Doğu toplumlarında ve Türkiye'de ruhsal sıkıntılar bedensel belirtilerle ortaya çıkabiliyor. Bedensel belirtiler adeta ruhsal halleri tanımlıyor. Ruhsal şikayetlerin bedensel şikayetler şeklinde ortaya çıktığını göz ardı edersek birçok psikolojik durumu da gözden kaçırırız.
KURALLARI ARTIK TIP KOYUYOR
Artık ülkelerin hastaneler tarafından yönetildiği fikrine katılıyor musunuz?
Modern toplumlarda tıp yeni otoriterlerden bir tanesi... Doğru bir hayatın nasıl olacağı konusunda 'Sabah kalk, spor yap, şunu ye, şunu yeme, haftada şu kadar seks yap" diyerek kurallar ortaya koyuyor. Artık yaşama dair kurallar, dinin vaaz ettiği kurallar olmaktan çıktı; tıbbın vaaz ettiği kurallar olmaya başladı. Hayat aslında medikal bürokrasi tarafından yönetilen bir hal aldı.
Siz de tıp camiasındasınız. Bu eleştirileri nasıl yapıyorsunuz?

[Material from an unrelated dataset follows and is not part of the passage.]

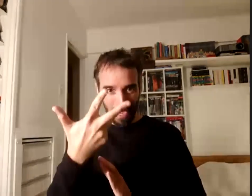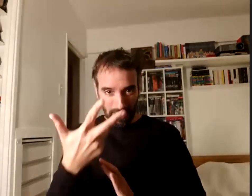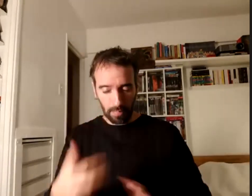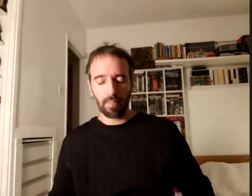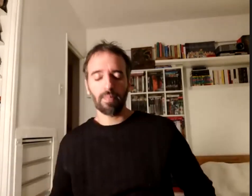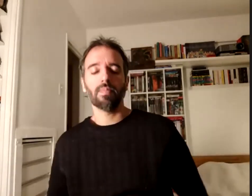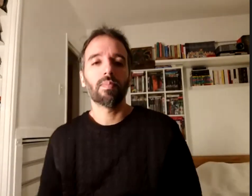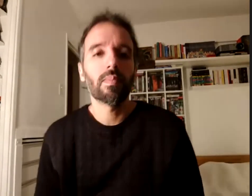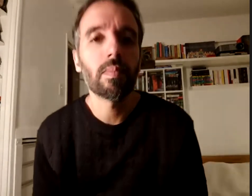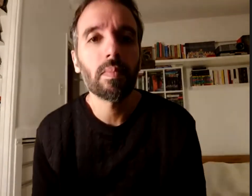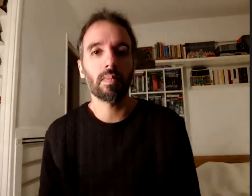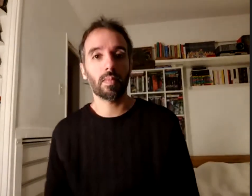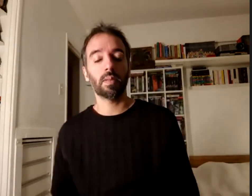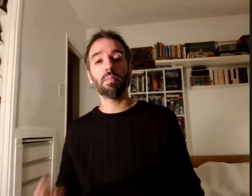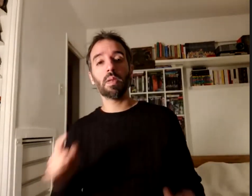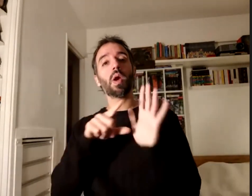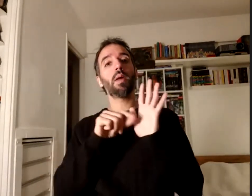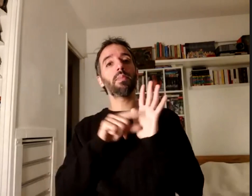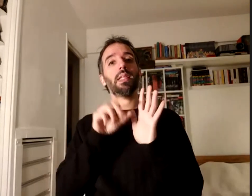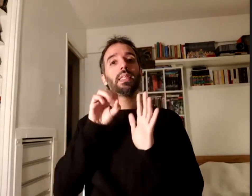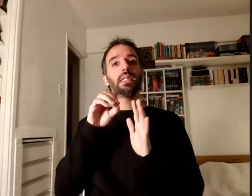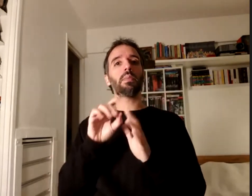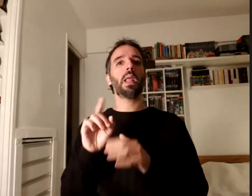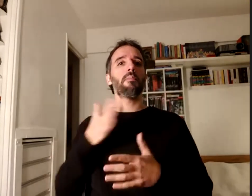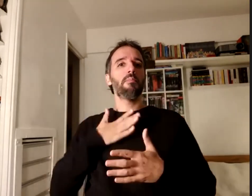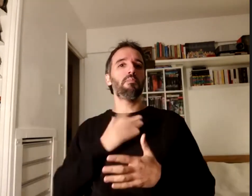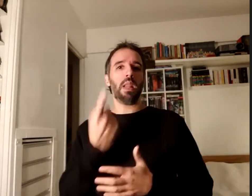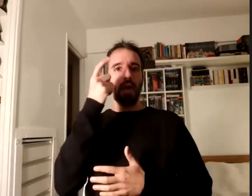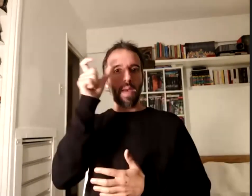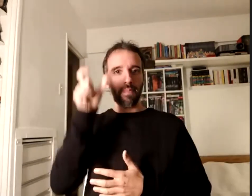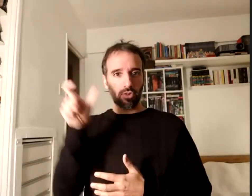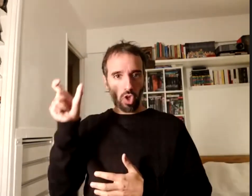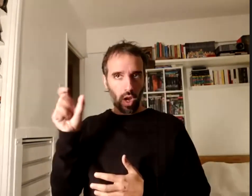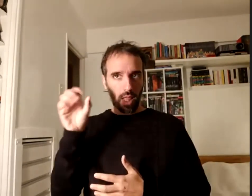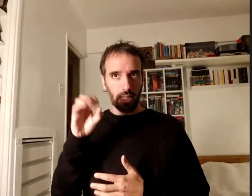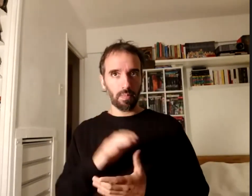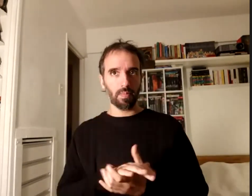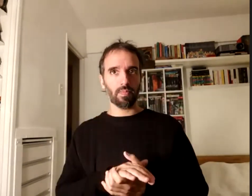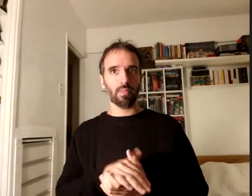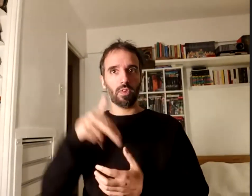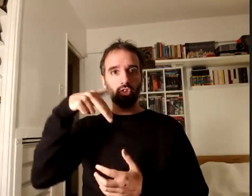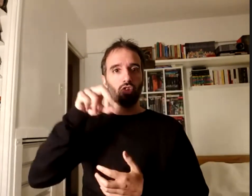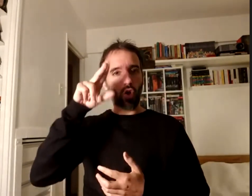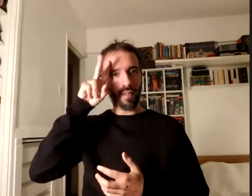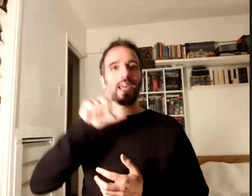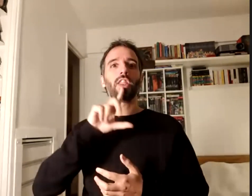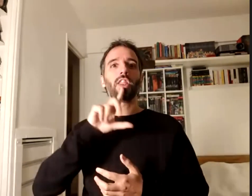como lo dije antes se llama en primera persona Norberto me dijo así

Benim kafam soru soran bir kafa. Tıbba girdiğimde tıbbı sorguluyordum. Psikiyatriye girdiğimde psikiyatriyi sorguladım; anti-psikiyatri'yle ilgili eserler derledim ve yazdım. İşimin yumuşak karnını, zayıf noktalarını bilirsem hastalarıma daha iyi yardımcı olacağımı düşündüm. Her şeyi bilmekten ziyade; neyi, ne kadar bildiğimizin farkına varırsak, daha fazla işe yarayan insanlar olabiliriz.
HÜZÜN VE DEPRESYON BİRBİRİNDEN FARKLI
Depresyonla hüznü birbirinden ayırmak için bir değerlendirme yaparken işlevsellik, yoğunluk ve süreyi göz önüne alıyoruz. Hüzünlü olduğunuzda bazı haberler sizi o atmosferden uzaklaştırabilirken, klinik depresyonda mutlu haberler gelse bile sevinemezsiniz.
İnsanlar sevdikleri insanları kaybettiklerinde yas tepkisi verirler. Eğer bu, seneleri bulan, günlük işleyişinizi etkileyen bir durum haline gelirse klinik bir durum var demektir.
Hüznün tatlı bir tarafı da vardır. İnsan kendi içine bakar, şiir yazar, yeni kelimeler bulur. Oysa depresyon felç edici bir duygudur; dünyayı karanlık gösterir.
Günümüz toplumu 'analjezi' yani ağrıdan kaçış toplumu olarak isimlendiriliyor. İlaçlar da bu kaçışın enstrümanları. İnsanlar bazı yaşanan acıları ancak onları hazmederek yerli yerine oturtabilir. Yaşadıklarımızdan ders çıkartabilir, daha dayanıklı olabiliriz. Yerli yerinde kullanılmayan antidepresanlar insanların hayatı öğrenmesine engel oluyorlar.